Task directions => Leave out the pictures and reproduce all of the data exactly.
══ Data in this exercise
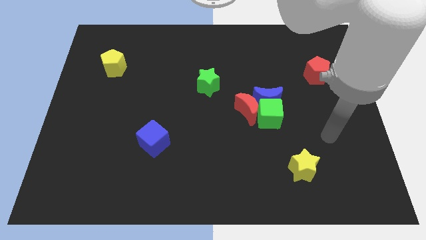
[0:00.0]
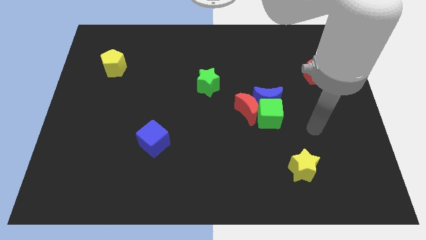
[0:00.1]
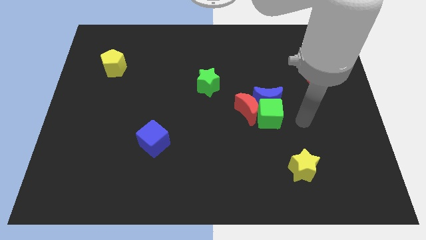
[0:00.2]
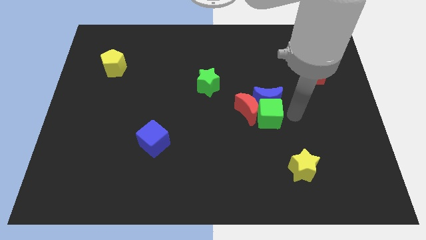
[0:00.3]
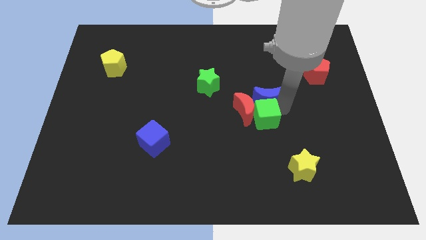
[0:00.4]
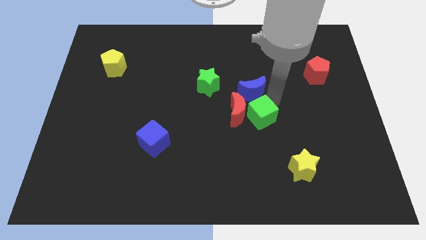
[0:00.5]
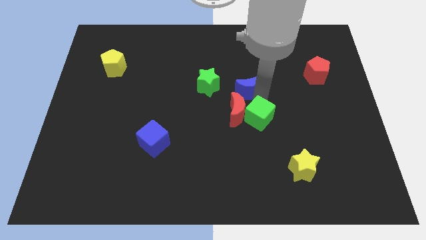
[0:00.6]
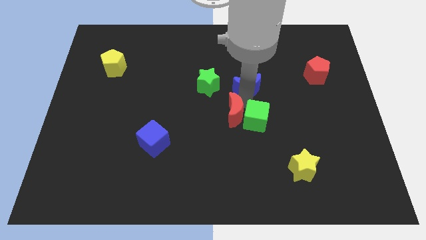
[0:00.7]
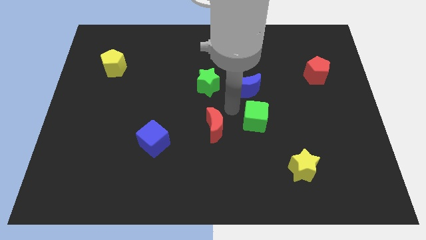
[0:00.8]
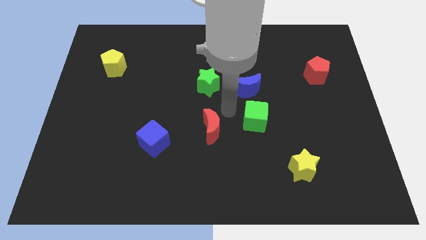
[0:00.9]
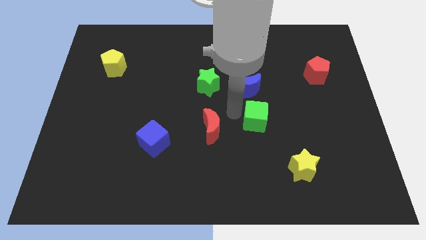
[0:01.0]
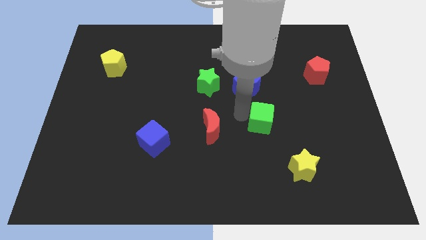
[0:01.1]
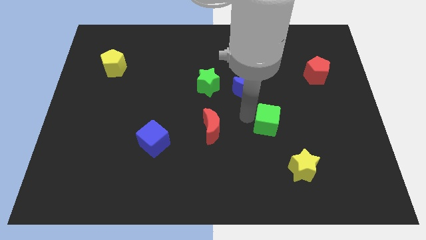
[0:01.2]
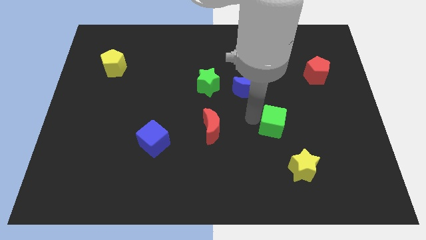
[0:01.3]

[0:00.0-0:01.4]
════
Result of the exercise =>
[0:00.0]
[0:00.1]
[0:00.2]
[0:00.3]
[0:00.4]
[0:00.5]
[0:00.6]
[0:00.7]
[0:00.8]
[0:00.9]
[0:01.0]
[0:01.1]
[0:01.2]
[0:01.3]

[0:00.0-0:01.4]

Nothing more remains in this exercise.